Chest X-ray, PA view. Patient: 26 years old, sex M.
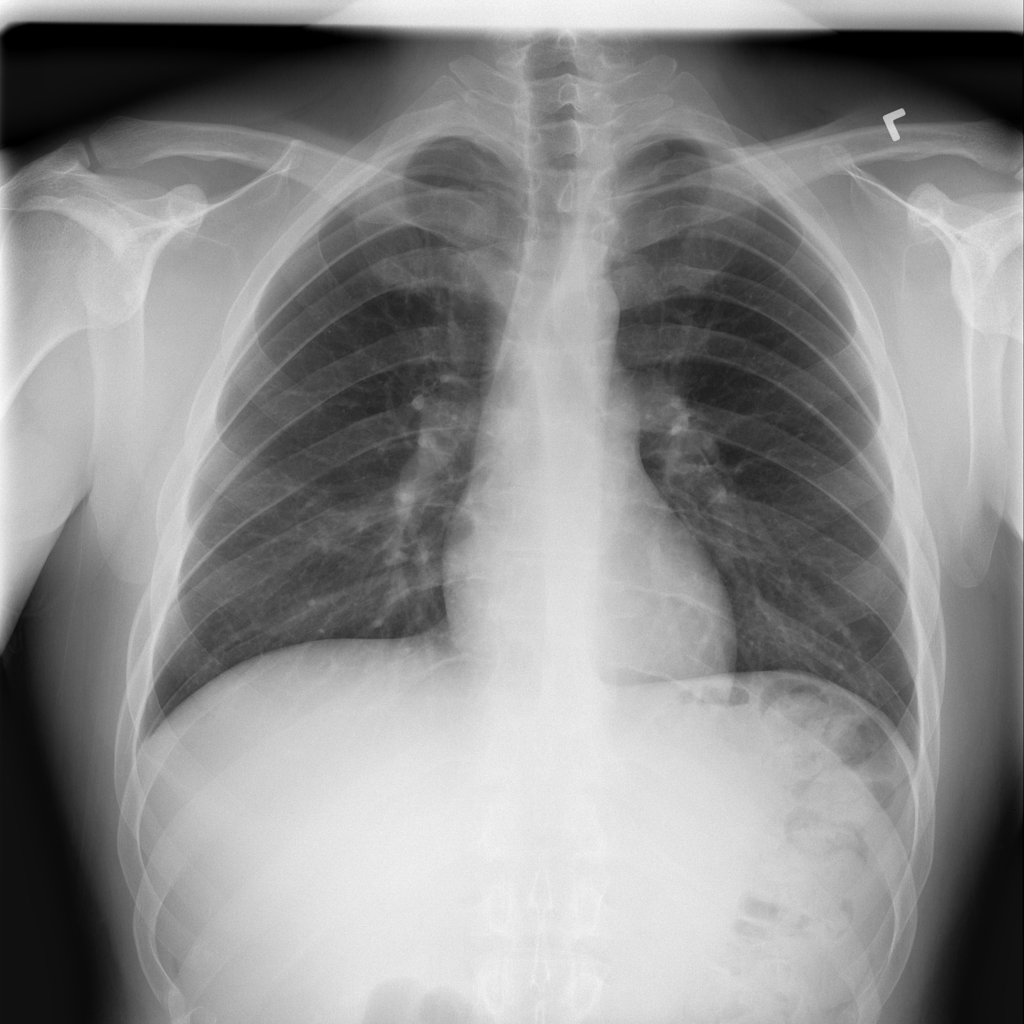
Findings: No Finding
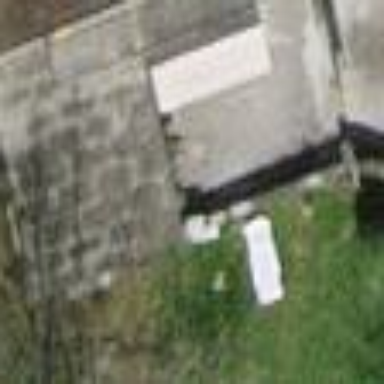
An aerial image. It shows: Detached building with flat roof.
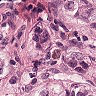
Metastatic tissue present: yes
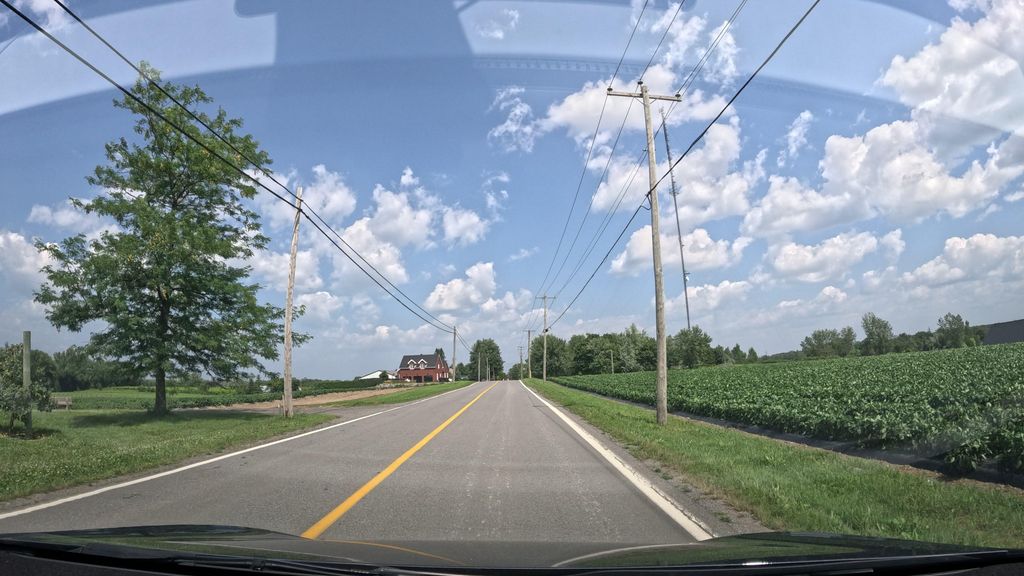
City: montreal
═══
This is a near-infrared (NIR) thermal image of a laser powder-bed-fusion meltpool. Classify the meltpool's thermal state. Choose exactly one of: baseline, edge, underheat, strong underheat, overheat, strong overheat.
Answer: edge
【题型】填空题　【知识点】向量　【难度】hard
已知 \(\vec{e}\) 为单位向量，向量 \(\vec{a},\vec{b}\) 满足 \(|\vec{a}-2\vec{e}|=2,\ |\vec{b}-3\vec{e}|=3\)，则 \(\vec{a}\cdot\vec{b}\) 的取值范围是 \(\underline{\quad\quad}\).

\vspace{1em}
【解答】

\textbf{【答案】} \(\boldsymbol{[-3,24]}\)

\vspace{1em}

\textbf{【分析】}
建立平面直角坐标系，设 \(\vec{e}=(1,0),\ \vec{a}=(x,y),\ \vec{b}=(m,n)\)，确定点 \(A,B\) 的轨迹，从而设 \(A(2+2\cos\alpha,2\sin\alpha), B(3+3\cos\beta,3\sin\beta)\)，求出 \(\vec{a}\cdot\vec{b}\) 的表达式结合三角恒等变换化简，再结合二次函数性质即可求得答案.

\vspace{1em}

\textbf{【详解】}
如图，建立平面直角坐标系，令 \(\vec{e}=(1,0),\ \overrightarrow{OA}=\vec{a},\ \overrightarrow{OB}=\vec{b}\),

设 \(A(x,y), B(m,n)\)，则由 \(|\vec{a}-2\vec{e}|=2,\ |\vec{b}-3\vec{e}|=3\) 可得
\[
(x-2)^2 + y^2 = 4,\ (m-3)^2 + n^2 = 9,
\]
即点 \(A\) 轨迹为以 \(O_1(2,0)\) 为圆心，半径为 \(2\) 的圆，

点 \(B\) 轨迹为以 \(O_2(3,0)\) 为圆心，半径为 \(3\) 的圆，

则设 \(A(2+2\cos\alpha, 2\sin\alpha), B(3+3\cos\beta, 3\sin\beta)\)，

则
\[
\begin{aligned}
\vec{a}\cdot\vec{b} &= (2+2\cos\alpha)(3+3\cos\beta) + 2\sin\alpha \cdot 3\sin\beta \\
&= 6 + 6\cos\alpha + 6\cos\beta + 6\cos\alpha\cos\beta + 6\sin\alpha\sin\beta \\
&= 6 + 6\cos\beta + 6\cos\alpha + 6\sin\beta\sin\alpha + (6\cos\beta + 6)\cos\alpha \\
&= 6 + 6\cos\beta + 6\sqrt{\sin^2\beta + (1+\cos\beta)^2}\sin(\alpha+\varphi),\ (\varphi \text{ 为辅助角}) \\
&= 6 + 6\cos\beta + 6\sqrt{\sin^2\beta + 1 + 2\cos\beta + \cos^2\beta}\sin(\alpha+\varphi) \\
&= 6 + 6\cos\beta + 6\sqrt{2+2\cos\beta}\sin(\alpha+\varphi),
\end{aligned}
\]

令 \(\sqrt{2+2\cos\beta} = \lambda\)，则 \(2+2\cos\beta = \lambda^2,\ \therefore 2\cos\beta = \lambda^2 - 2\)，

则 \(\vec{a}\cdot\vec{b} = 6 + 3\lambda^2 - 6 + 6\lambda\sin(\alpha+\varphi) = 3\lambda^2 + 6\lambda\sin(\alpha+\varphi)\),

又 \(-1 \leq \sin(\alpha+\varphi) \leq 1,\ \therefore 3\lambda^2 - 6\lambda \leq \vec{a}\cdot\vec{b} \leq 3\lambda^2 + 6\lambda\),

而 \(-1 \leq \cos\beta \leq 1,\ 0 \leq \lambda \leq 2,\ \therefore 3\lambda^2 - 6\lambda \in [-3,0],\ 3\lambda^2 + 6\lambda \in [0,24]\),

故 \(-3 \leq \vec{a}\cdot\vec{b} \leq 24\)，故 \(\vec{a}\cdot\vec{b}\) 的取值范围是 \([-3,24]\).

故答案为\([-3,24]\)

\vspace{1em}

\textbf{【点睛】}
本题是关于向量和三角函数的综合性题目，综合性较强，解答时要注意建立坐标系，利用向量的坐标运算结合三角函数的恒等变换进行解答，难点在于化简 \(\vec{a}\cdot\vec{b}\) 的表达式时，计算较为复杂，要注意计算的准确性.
═══
= Task =
Once the line with "Chest X-ray, PA" is found above, print it and every line after it through the line with "City: montreal", exactly. Pictures stay out.

= Final answer =
Chest X-ray, PA view. Patient: 26 years old, sex M.
Findings: No Finding
An aerial image. It shows: Detached building with flat roof.
Metastatic tissue present: yes
City: montreal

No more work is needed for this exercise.